Ce qui est tout à fait original et intéressant c’est qu’il va mobiliser dans son discours, dans ses articles, dans ses différentes prises de position des arguments qui reposent sur la notion d’information et sur son rôle dans la société. Les modalités d’un juste transfert de l’information deviennent quelque chose de central pour la politique.

Je prends un exemple sur lequel la modernité de Wiener est tout à fait frappante. On trouve chez Wiener une série d’arguments contre le droit des brevets et de manière générale la propriété intellectuelle. Il y a une passerelle avec des thèmes militants d’aujourd’hui.

Wiener explique que le droit des brevets qui est à l’origine conçu pour protéger le petit inventeur dans son atelier, devient totalement inadapté et inique à partir du moment où le contexte de l’invention est complètement déterminé par les avancées de la science. Au départ ne sont brevetables que les inventions, par opposition avec les lois de la nature, qui sont elles bien commun de l’humanité. Mais que se passe-t-il à partir du moment où le système technique ayant changé, les inventions ne sont plus que l’application des lois de la nature.

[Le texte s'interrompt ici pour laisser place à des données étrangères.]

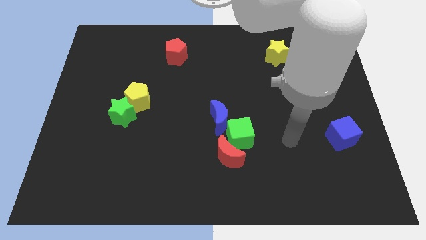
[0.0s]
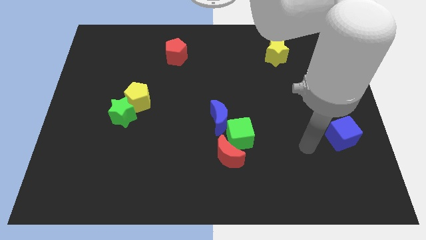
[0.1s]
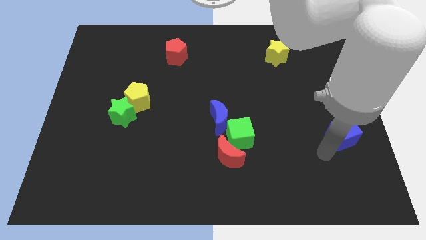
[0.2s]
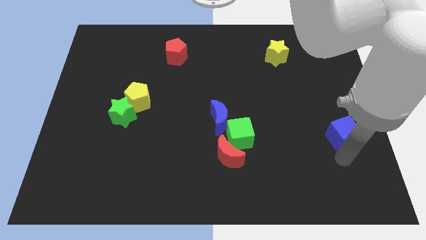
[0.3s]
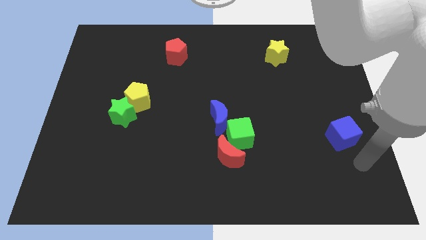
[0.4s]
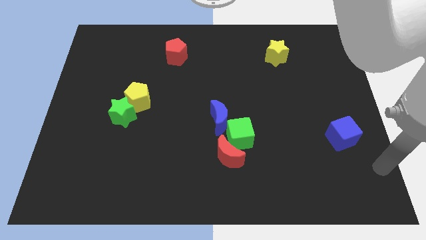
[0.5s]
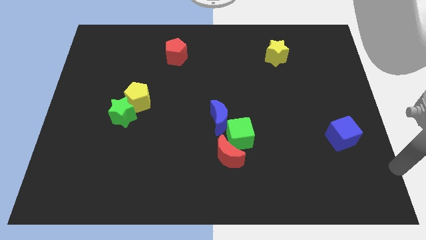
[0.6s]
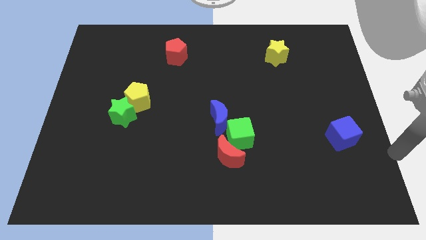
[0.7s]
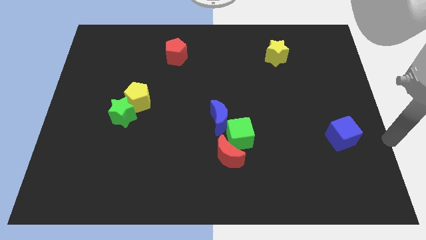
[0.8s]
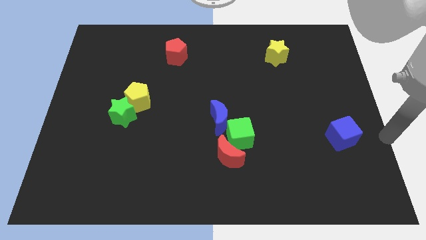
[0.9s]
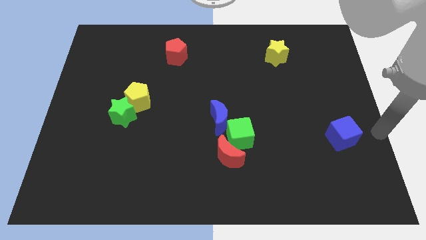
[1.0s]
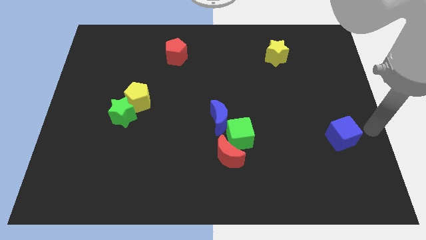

Wiener dénonce la possibilité qu’ont les firmes privées de se constituer au moyen d’un rempart de brevets un monopole qui peut bloquer les recherches sur certains domaines.

Cela, il le fait, c’est cela qui est tout à fait remarquable, au nom de la définition cybernétique de l’information. Etant donné ce qu’est l’information, étant donné ce que nous savons sur la nature de l’information, nous savons qu’elle ne peut être conçue comme une marchandise. C’est un argument qui est intéressant parce qu’il fait fond sur les différentes dimensions de la notion telle qu’elle a été élaborée ailleurs. Il la réutilise dans un contexte polémique, dans un contexte de luttes.

Pour conclure, je dois répéter que tout cela ne nous donne pas, certes, une définition bien ficelée de ce que ce serait que l’information, mais on peut tout de même faire le portrait plus ou moins exhaustif, d’un certain nombre d’usages qui ont façonné la notion pour aujourd’hui.